Extracted records
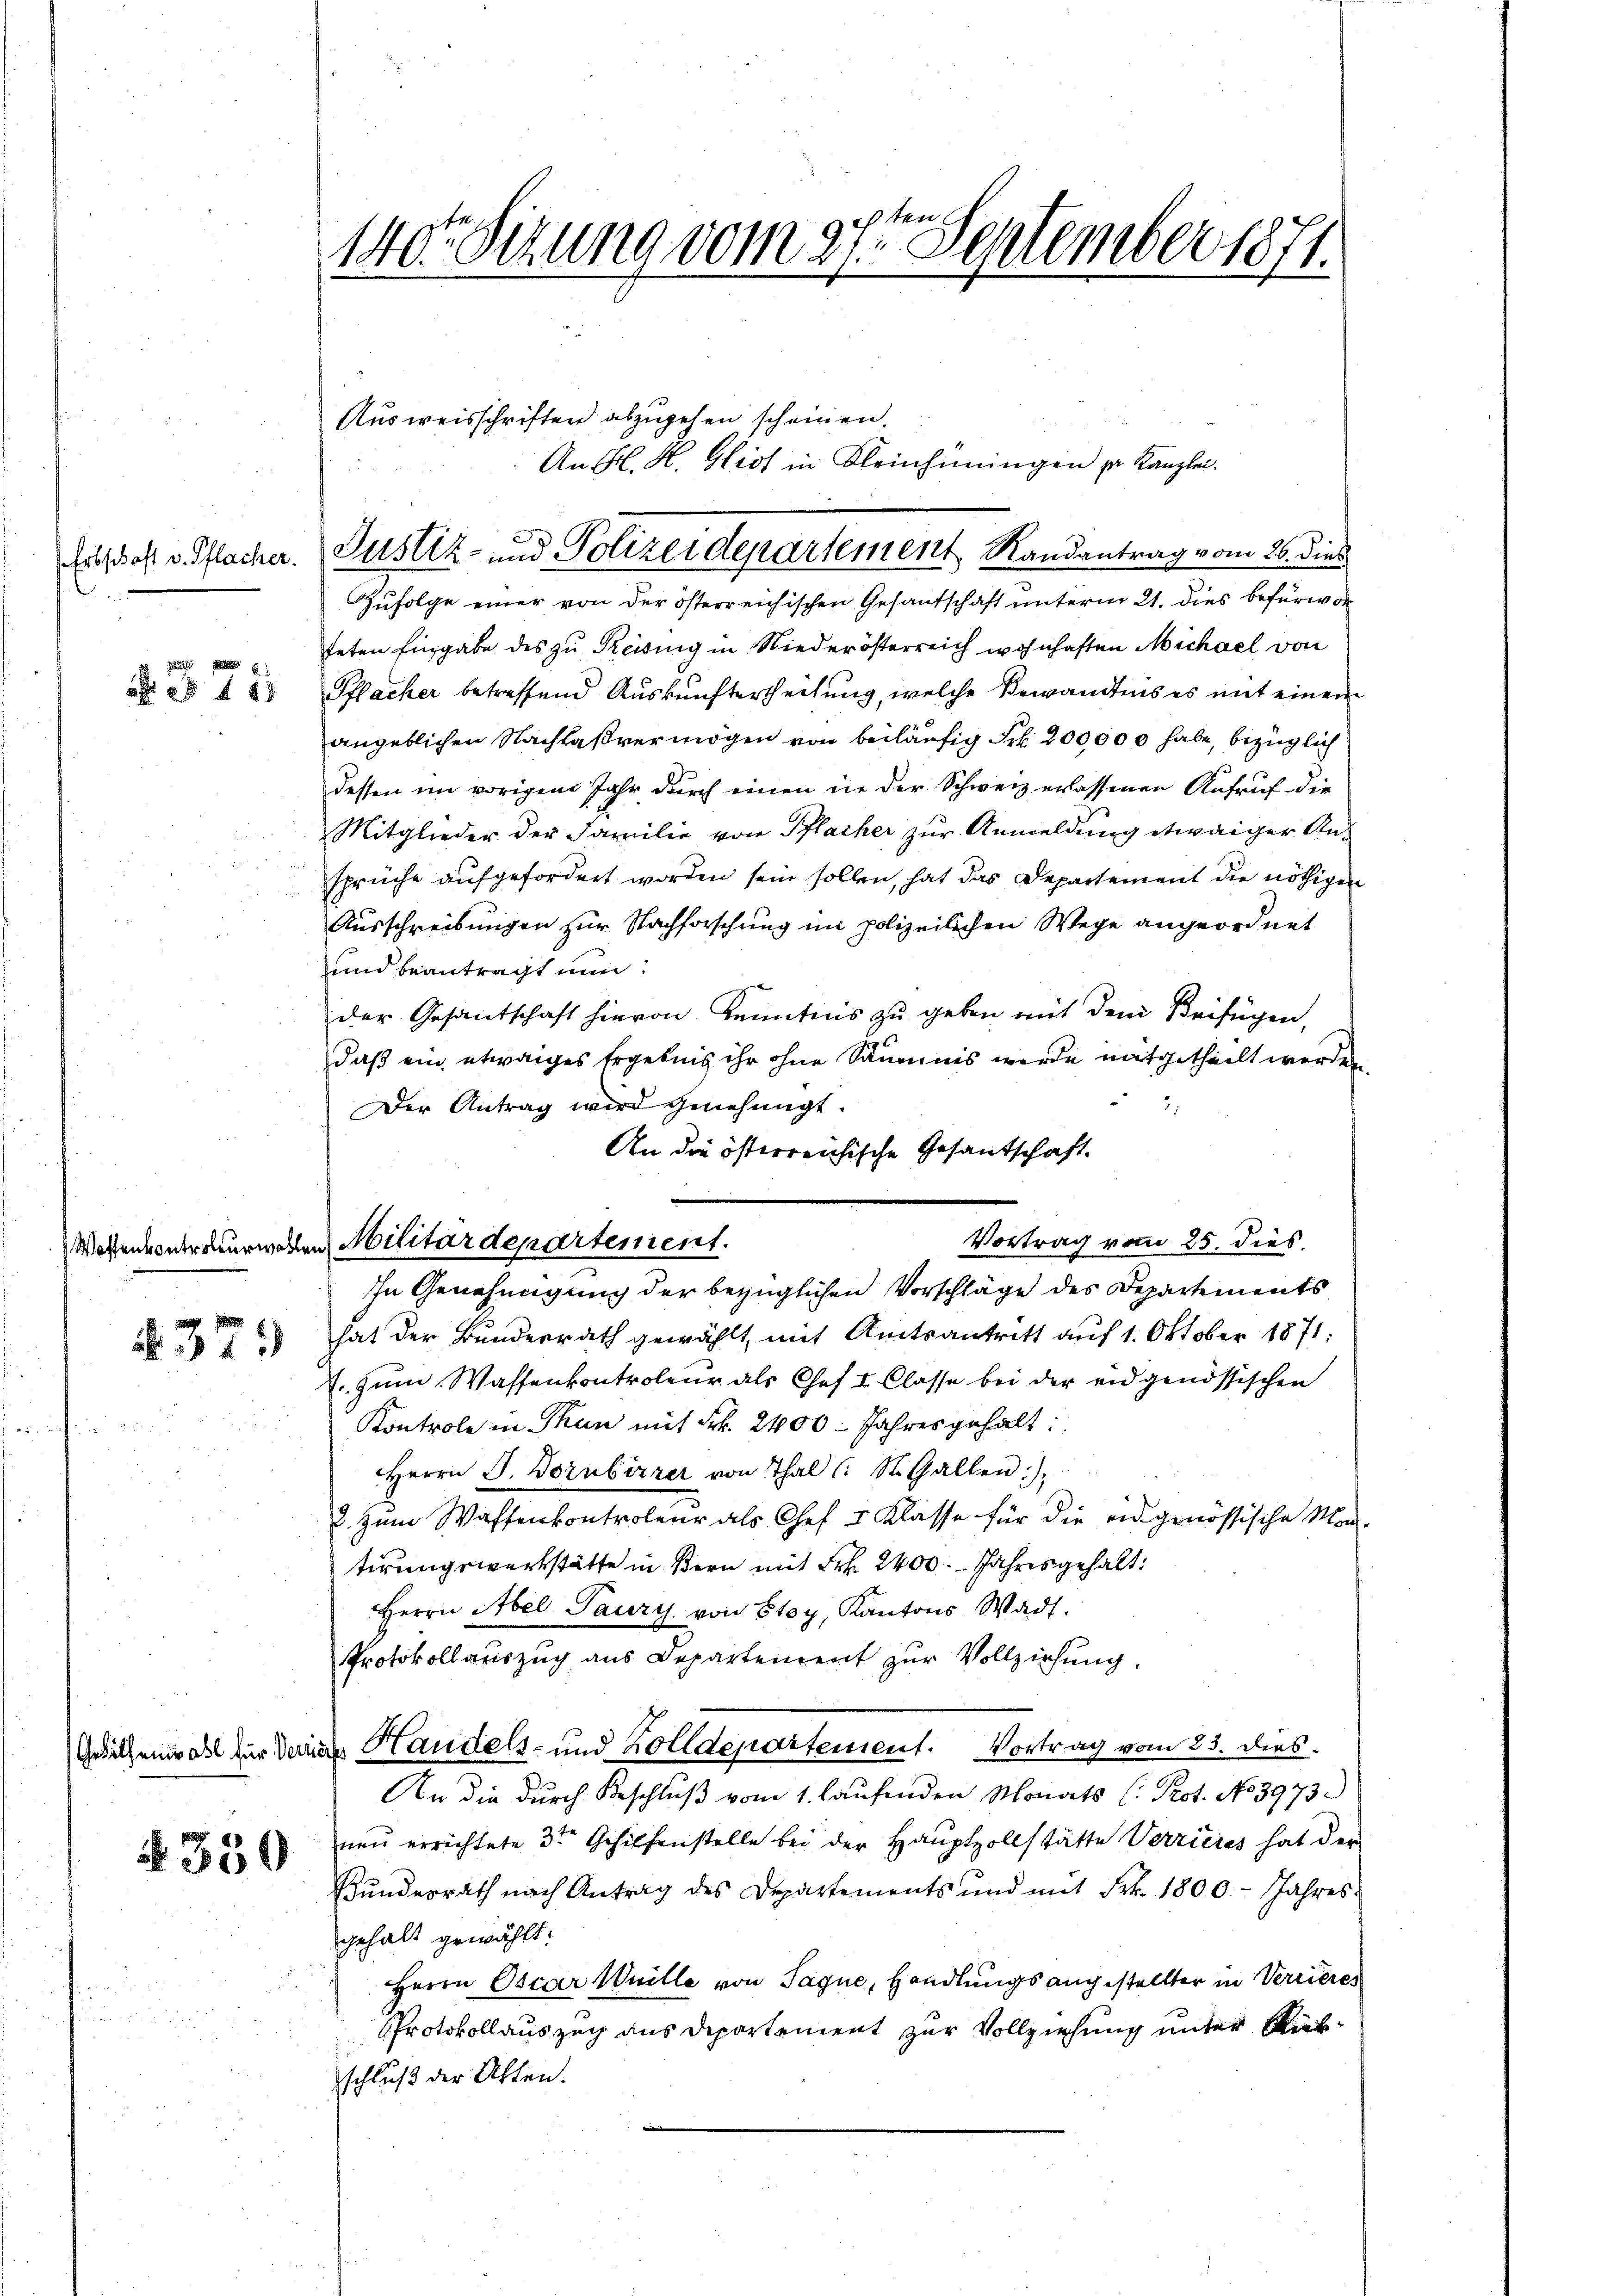
Erbschaft v. Pflacher.

a 25 f 8 x

Woffenkontroleurwahl

§. 379

§ 350

140te Sitzung vom 27ten September 1871.

An K. A. Hidt in Kleinhüningen zur Kanzlei.
Justiz- und Polizeidepartement Randantrag vom 26. dies

Ausweisschriften abzugehen scheinen.

Zufolge einer von der österreichischen Gesantschaft unterm 21. dies befürworteten Eingabe des zu Reising in Niederösterreich wohnhaften Michael von
Pflacher betreffend Auskunftertheilung, welche Bewandtnis es mit einem
angeblichen Nachlaßvermögen von beiläufig Frk. 200,000 habe, bezüglich
dessen im vorigen Jahr durch einen in der Schweiz erlassenen Aufruf die
Mitglieder der Familie von Pflacher zur Anmeldung etwaiger Ansprüche aufgefordert worden sein sollen, hat das Departement die nöthigen
Ausschreibungen zur Nachforschung im polizeilichen Wege angeordnet
und beantragt nun:
der Gesandtschaft hievon Kenntnis zu geben mit dem Beifügen,
daß ein etwaiges Ergebnis ihr ohne Säumnis werde mitgetheilt werden
Der Antrag wird genehmigt.
An die österreichische Gesantschaft.
In Genehmigung der bezüglichen Vorschläge des Departements
hat der Bundesrath gewählt, mit Amtsantritt auf 1. Oktober 1871:
J. zum Wassenkontroleur als Chef I. Classe bei der eidgenössischen
Kontrole in Thun mit Frk. 2400. Jahres gehalt:
Herrn J. Dornbirrer von Thal (: St. Gallen),
2. zum Waffenkontroleur als Chef v. Klasse für die eidgenössische Man-
tirungswerkstätte in Bern mit Frk. 2400. Jahres gehalt:
Herrn Abel Paury von Stey, Kantons Wadt.
Protokollauszug aus Departement zur Vollziehung.
Gedichenwalt für Dein Handels- und Zolldepartement. Vortrag vom 25. dies
An die durch Beschluß vom 1. haufenden Monats (: Prot. No. 3973.)
neu errichtete 3ten Gehilfenstelle bei der Hauptzollstätte Verrieres hat der
Bundesrath nach Antrag des Departements und mit Frk. 1800 - Jahres
gehalt gewählt:
Herrn Oscar Weille von Sague, Handlungs augestellter in Verrieres
Protokollauszug aus Departement zur Vollziehung unter Riesschluß der Alten.

Vortrag vom 25. dies.
in Militärdepartement.

ACTIVITY
What you give back should be exactly the lines of the data above from the line with "Ausschreibungen zur Nachforschung" through the line with "In Genehmigung der", both of those included, and nothing more.

ANSWER TO THIS EXERCISE
Ausschreibungen zur Nachforschung im polizeilichen Wege angeordnet
und beantragt nun:
der Gesandtschaft hievon Kenntnis zu geben mit dem Beifügen,
daß ein etwaiges Ergebnis ihr ohne Säumnis werde mitgetheilt werden
Der Antrag wird genehmigt.
An die österreichische Gesantschaft.
In Genehmigung der bezüglichen Vorschläge des Departements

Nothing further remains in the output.